- _DESCRIPTION OF THE TASK_: Will you extract the entries word for word? Images should not appear in the copy.

- _Excerpts from a dataset_:
--- START ---
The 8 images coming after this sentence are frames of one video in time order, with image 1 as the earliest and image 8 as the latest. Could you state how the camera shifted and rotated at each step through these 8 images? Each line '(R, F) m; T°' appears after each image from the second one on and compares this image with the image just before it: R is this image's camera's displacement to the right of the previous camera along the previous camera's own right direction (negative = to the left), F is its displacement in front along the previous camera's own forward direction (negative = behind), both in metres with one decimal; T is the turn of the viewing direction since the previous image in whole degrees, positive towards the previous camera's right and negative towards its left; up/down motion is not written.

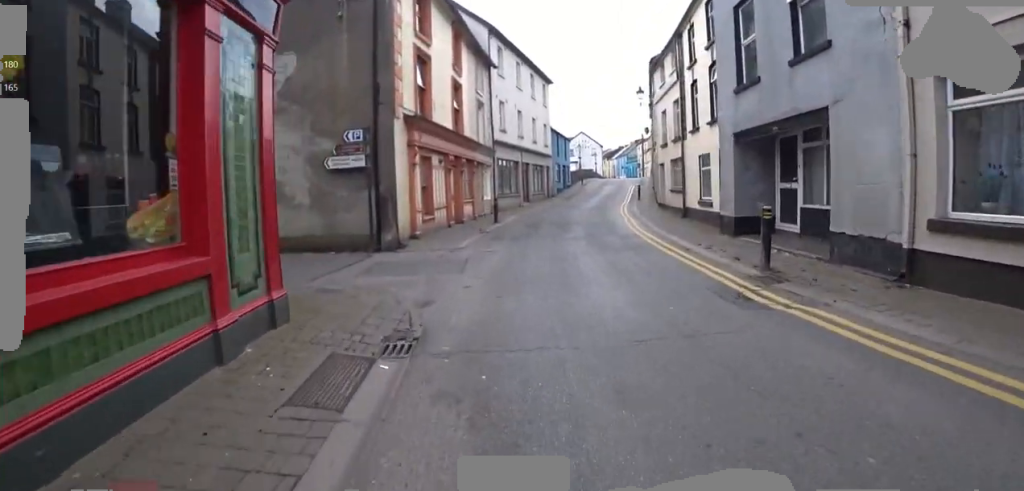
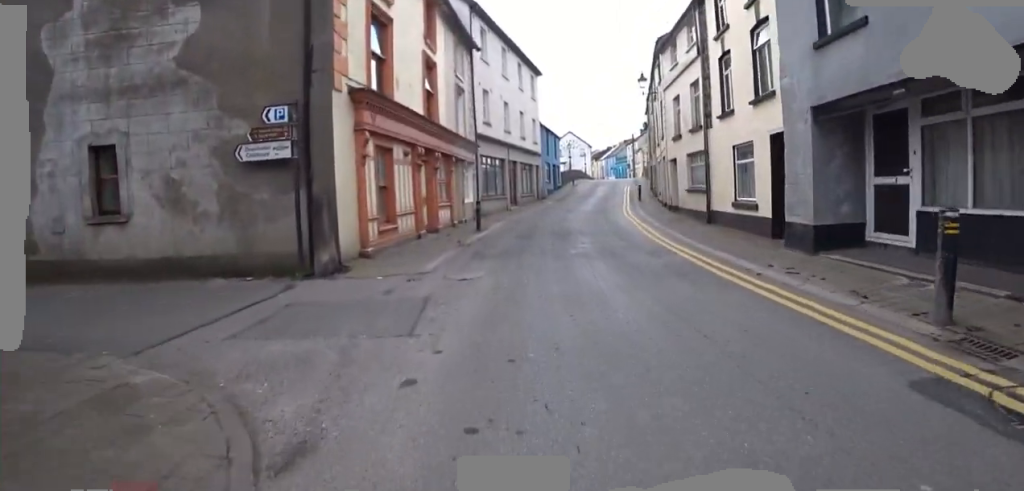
(0.0, +2.7) m; 0°
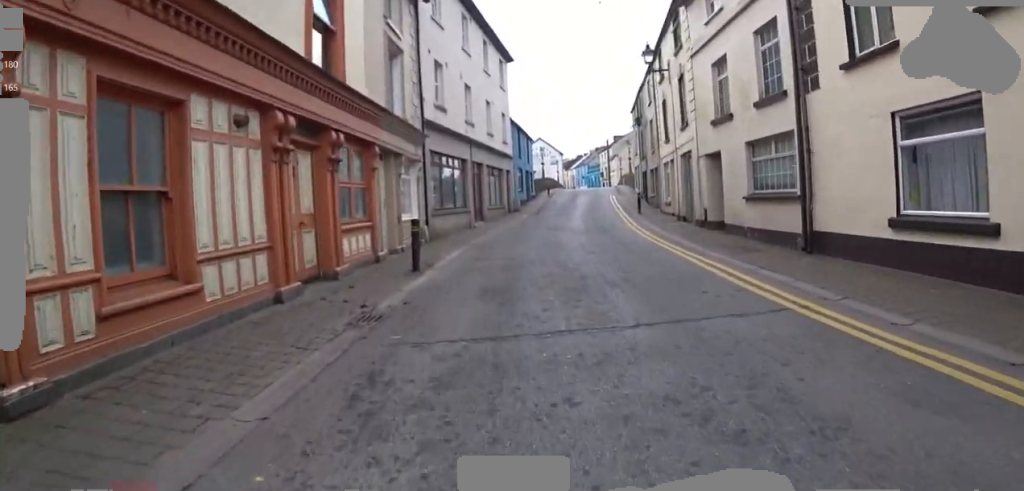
(0.0, +5.1) m; 0°
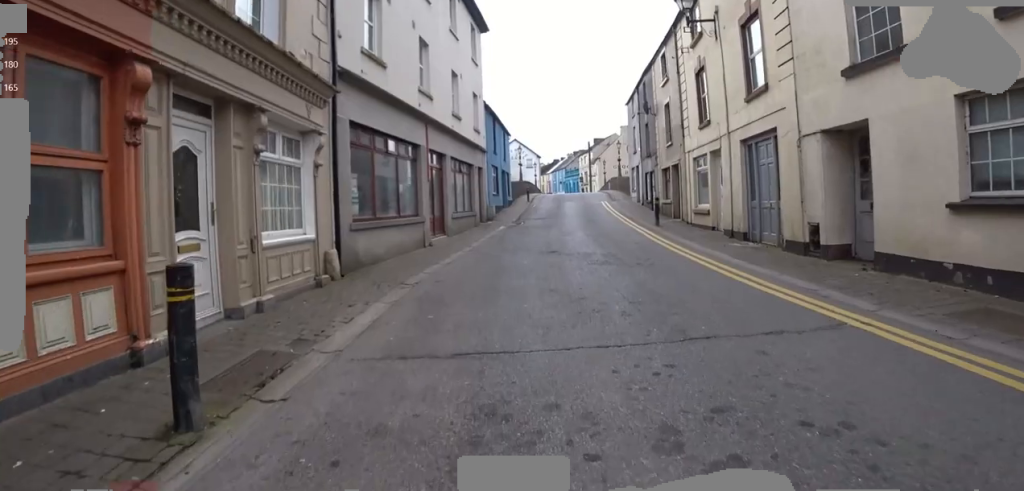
(0.0, +4.7) m; 0°
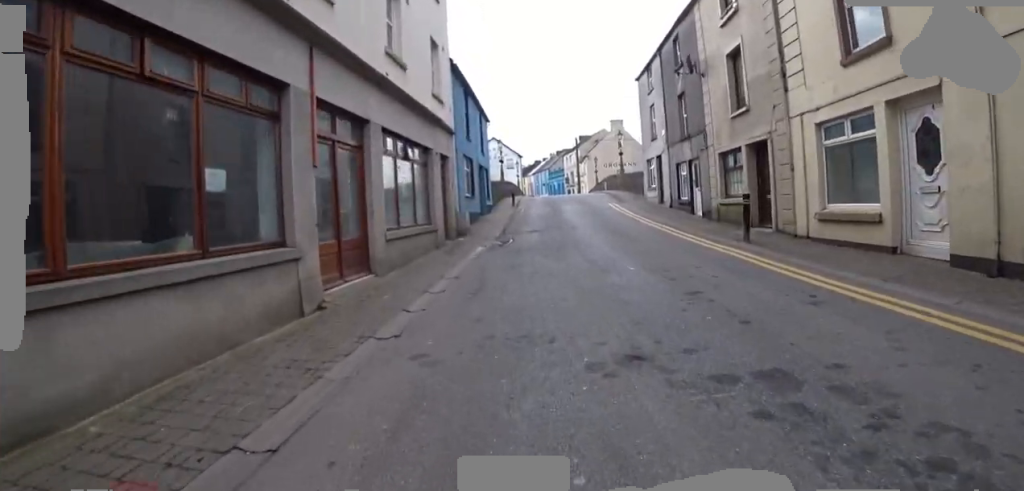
(0.0, +5.4) m; 0°
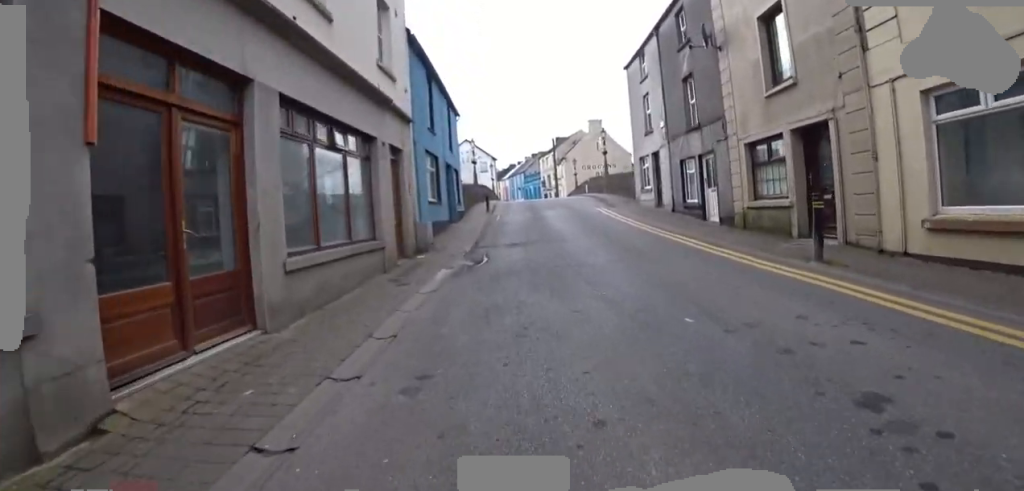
(0.0, +2.2) m; 0°
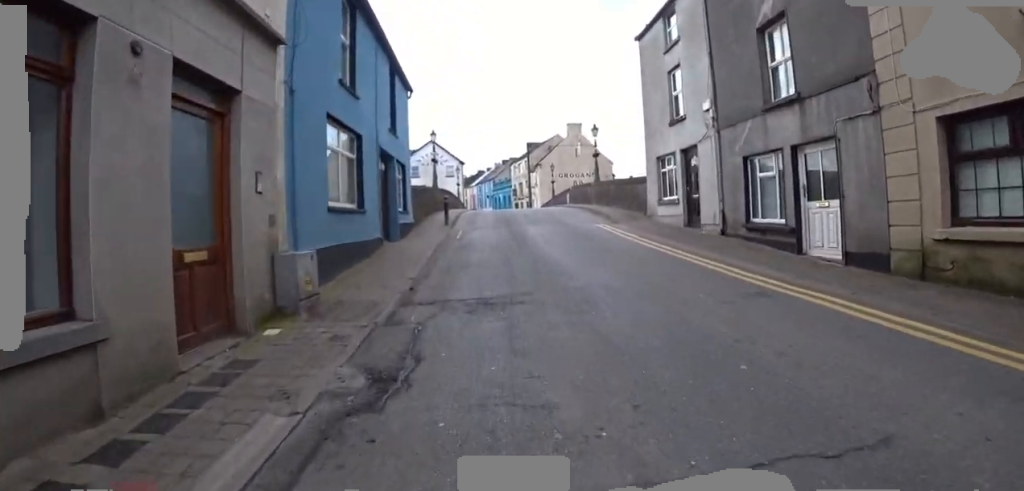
(0.0, +4.4) m; -2°
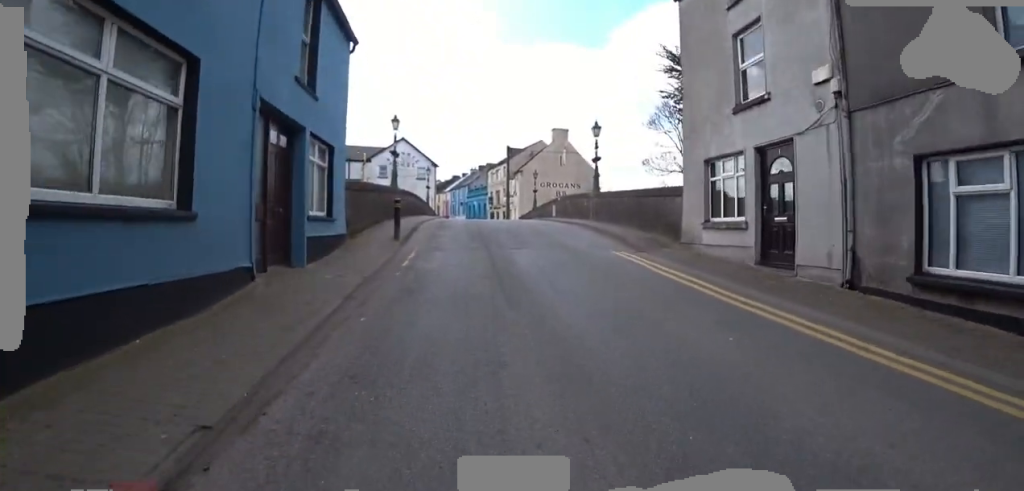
(-0.1, +3.6) m; 0°
--- END ---
- _EXPECTED ANSWER_:
The 8 images coming after this sentence are frames of one video in time order, with image 1 as the earliest and image 8 as the latest. Could you state how the camera shifted and rotated at each step through these 8 images? Each line '(R, F) m; T°' appears after each image from the second one on and compares this image with the image just before it: R is this image's camera's displacement to the right of the previous camera along the previous camera's own right direction (negative = to the left), F is its displacement in front along the previous camera's own forward direction (negative = behind), both in metres with one decimal; T is the turn of the viewing direction since the previous image in whole degrees, positive towards the previous camera's right and negative towards its left; up/down motion is not written.

(0.0, +2.7) m; 0°
(0.0, +5.1) m; 0°
(0.0, +4.7) m; 0°
(0.0, +5.4) m; 0°
(0.0, +2.2) m; 0°
(0.0, +4.4) m; -2°
(-0.1, +3.6) m; 0°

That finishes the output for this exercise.